TASK REQUIREMENTS: Could you repeat the entries below exactly, but only from the line with "right index: fingertip" through the line with "Touch camera, BioTip.", and without any picture?

DATA PROVIDED:
------------------------------------------------------------------------

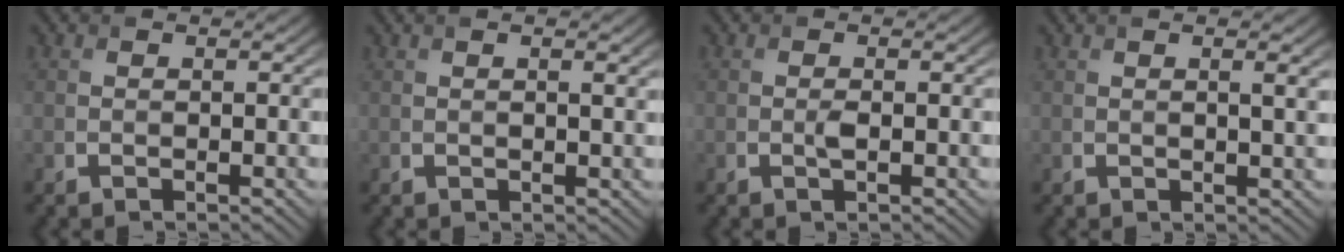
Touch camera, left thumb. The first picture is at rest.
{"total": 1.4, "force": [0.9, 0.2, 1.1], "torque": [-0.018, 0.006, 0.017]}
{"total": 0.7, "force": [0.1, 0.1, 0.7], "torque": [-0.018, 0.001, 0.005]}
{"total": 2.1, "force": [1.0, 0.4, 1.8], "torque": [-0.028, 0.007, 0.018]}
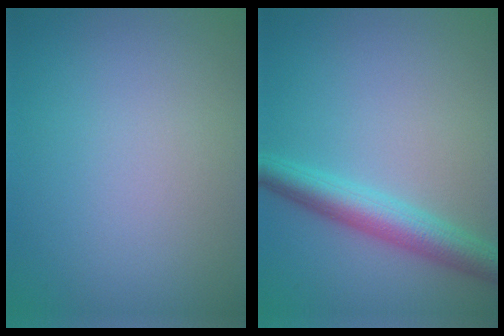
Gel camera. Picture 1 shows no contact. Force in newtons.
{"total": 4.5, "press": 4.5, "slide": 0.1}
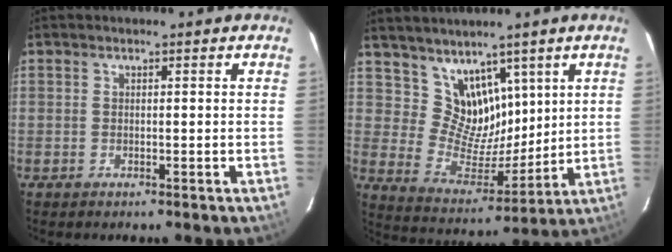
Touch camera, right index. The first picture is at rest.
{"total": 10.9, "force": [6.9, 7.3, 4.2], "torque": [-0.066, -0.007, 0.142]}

------------------------------------------------------------------------

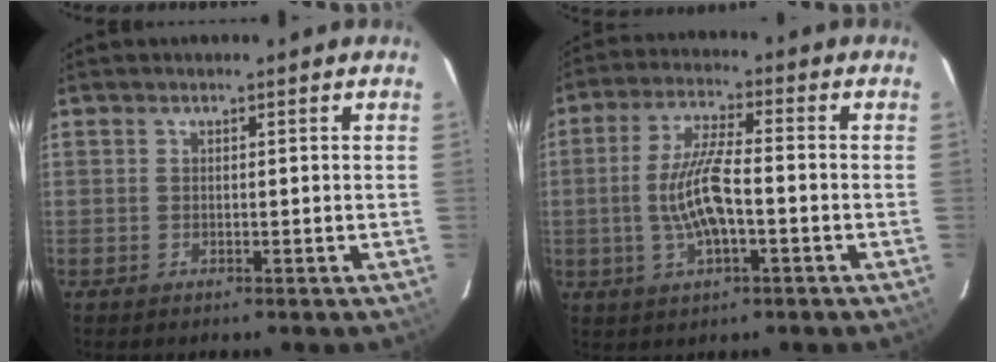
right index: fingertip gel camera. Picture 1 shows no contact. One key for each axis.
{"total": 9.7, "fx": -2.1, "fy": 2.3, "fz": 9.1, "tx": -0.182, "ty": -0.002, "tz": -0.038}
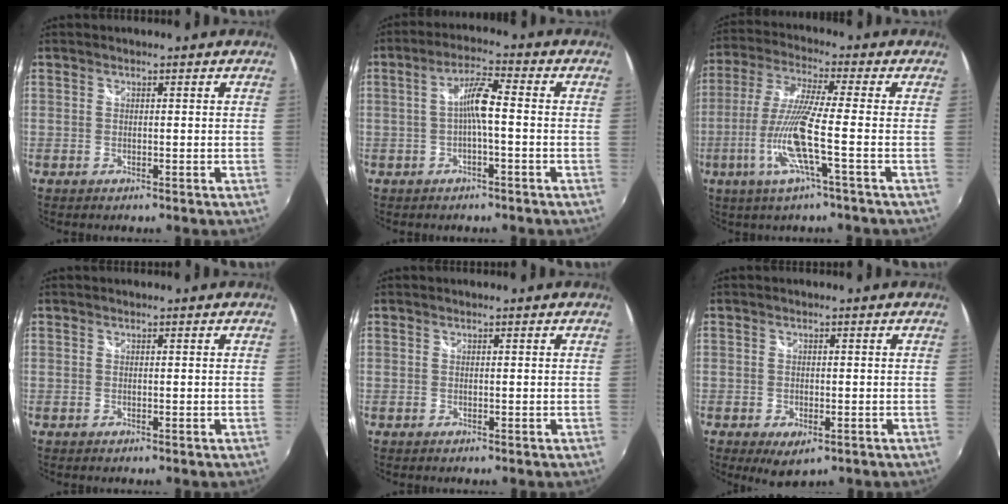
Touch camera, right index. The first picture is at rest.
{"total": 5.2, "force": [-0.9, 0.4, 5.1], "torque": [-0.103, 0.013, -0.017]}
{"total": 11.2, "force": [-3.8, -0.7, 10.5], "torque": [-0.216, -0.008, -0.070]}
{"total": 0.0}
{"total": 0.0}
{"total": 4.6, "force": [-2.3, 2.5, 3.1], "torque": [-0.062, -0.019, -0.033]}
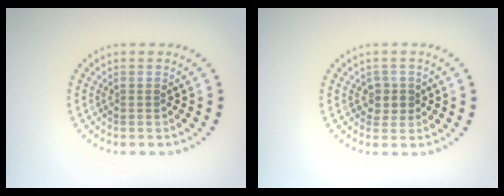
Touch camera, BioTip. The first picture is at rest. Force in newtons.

------------------------------------------------------------------------

ANSWER SECTION:
right index: fingertip gel camera. Picture 1 shows no contact. One key for each axis.
{"total": 9.7, "fx": -2.1, "fy": 2.3, "fz": 9.1, "tx": -0.182, "ty": -0.002, "tz": -0.038}
Touch camera, right index. The first picture is at rest.
{"total": 5.2, "force": [-0.9, 0.4, 5.1], "torque": [-0.103, 0.013, -0.017]}
{"total": 11.2, "force": [-3.8, -0.7, 10.5], "torque": [-0.216, -0.008, -0.070]}
{"total": 0.0}
{"total": 0.0}
{"total": 4.6, "force": [-2.3, 2.5, 3.1], "torque": [-0.062, -0.019, -0.033]}
Touch camera, BioTip. The first picture is at rest. Force in newtons.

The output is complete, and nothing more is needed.